What you need to do
Give the records again word for word. Leave every picture out.

Data: Begin

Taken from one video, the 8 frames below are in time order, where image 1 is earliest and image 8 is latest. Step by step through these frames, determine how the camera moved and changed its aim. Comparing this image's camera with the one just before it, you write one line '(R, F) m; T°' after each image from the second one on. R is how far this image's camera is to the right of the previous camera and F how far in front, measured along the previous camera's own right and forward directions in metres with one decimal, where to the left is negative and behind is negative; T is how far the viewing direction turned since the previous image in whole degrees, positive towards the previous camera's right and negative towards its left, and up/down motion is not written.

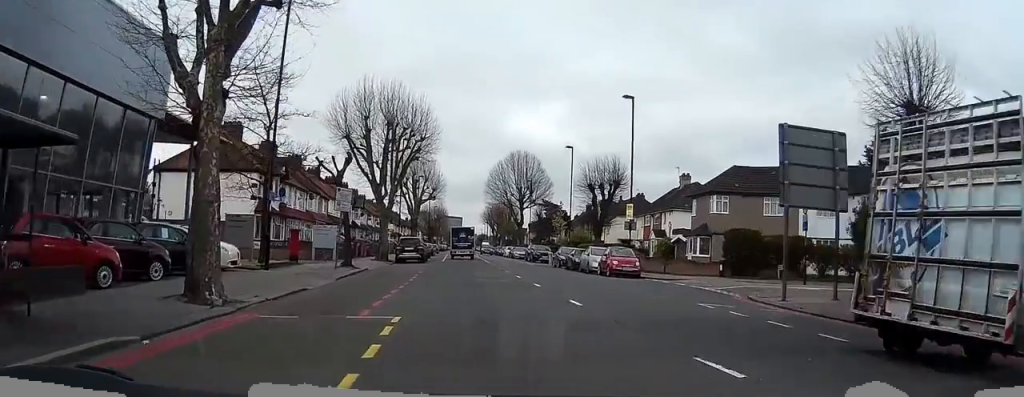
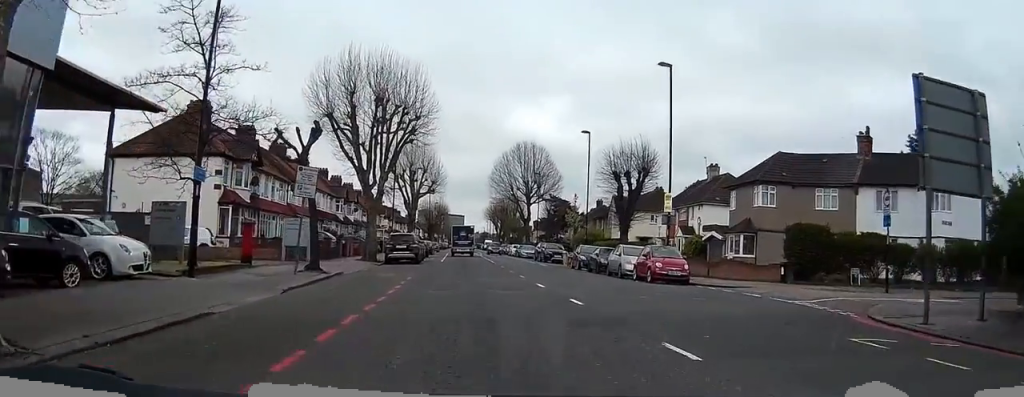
(+0.1, +7.8) m; 0°
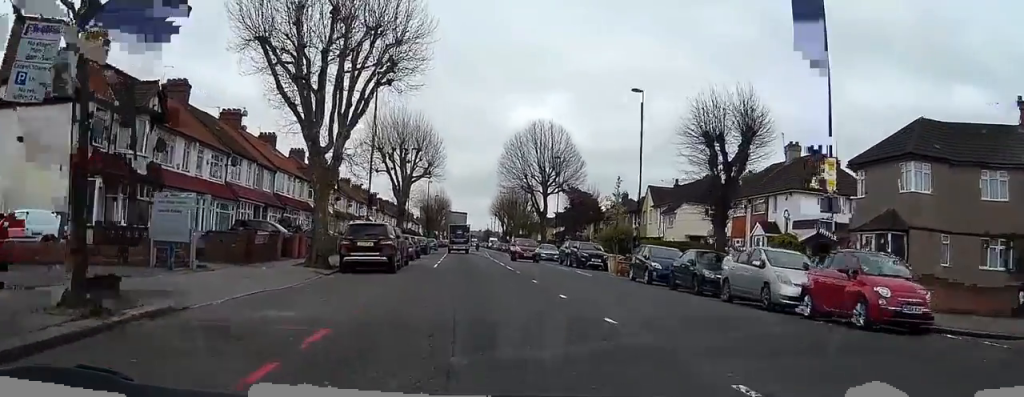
(-0.3, +16.0) m; -1°
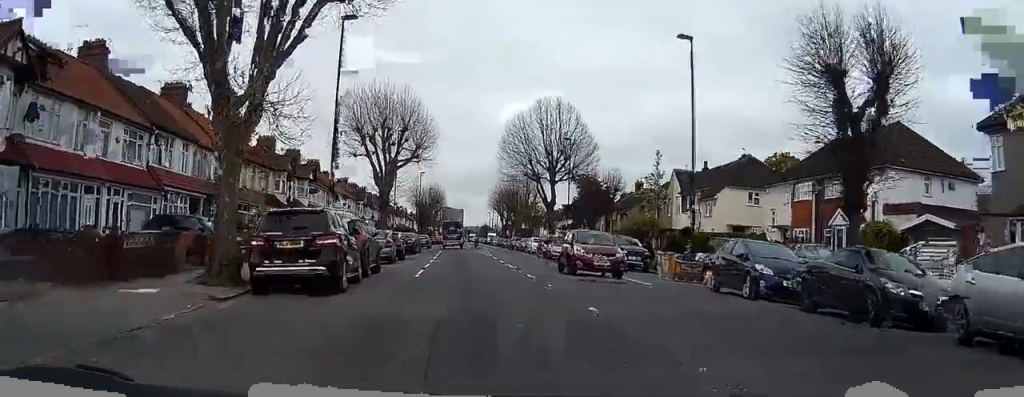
(+0.1, +10.4) m; +1°
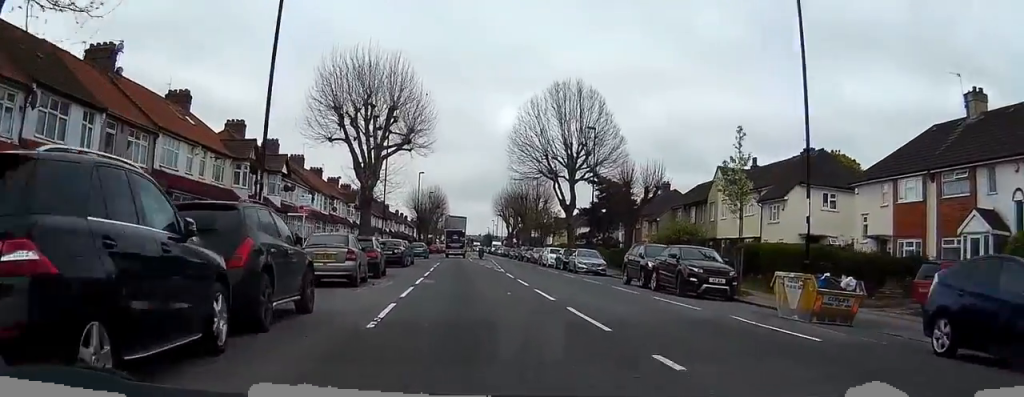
(+0.1, +10.5) m; 0°
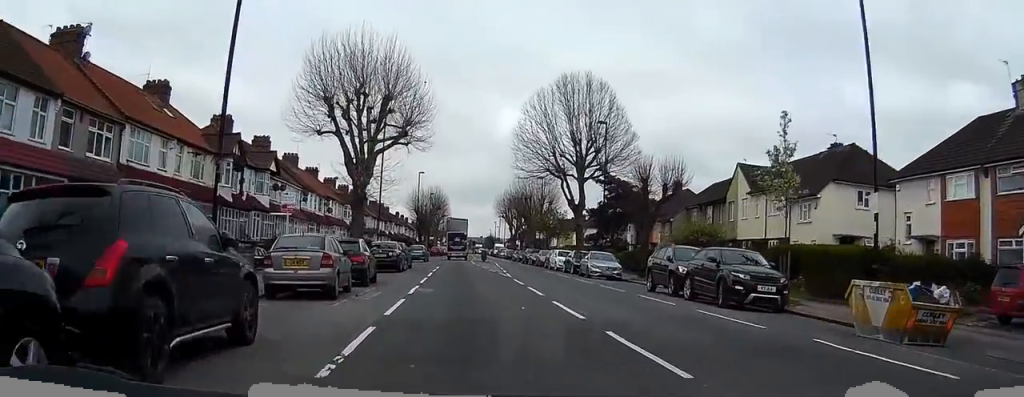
(0.0, +3.7) m; 0°
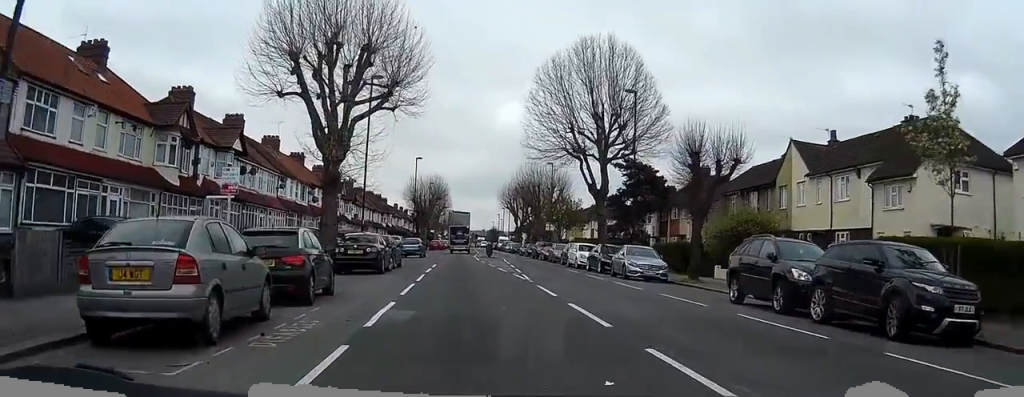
(0.0, +8.4) m; +1°
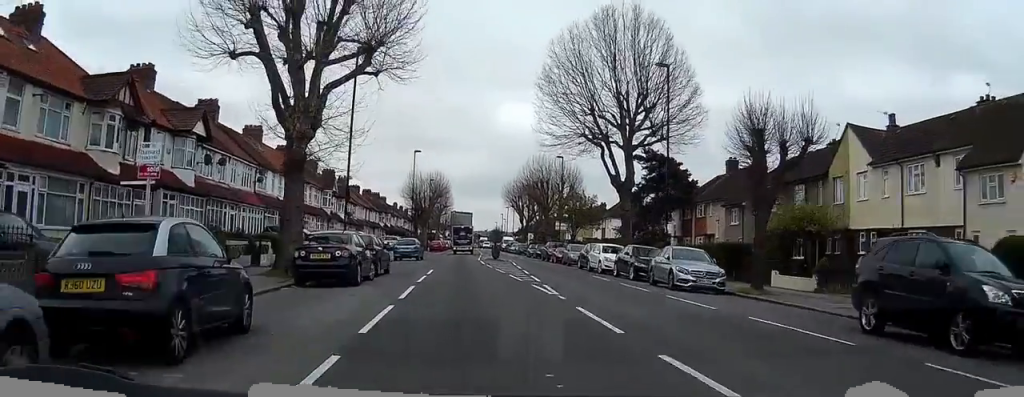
(+0.1, +6.6) m; +1°

Data: End

Your solution
Taken from one video, the 8 frames below are in time order, where image 1 is earliest and image 8 is latest. Step by step through these frames, determine how the camera moved and changed its aim. Comparing this image's camera with the one just before it, you write one line '(R, F) m; T°' after each image from the second one on. R is how far this image's camera is to the right of the previous camera and F how far in front, measured along the previous camera's own right and forward directions in metres with one decimal, where to the left is negative and behind is negative; T is how far the viewing direction turned since the previous image in whole degrees, positive towards the previous camera's right and negative towards its left, and up/down motion is not written.

(+0.1, +7.8) m; 0°
(-0.3, +16.0) m; -1°
(+0.1, +10.4) m; +1°
(+0.1, +10.5) m; 0°
(0.0, +3.7) m; 0°
(0.0, +8.4) m; +1°
(+0.1, +6.6) m; +1°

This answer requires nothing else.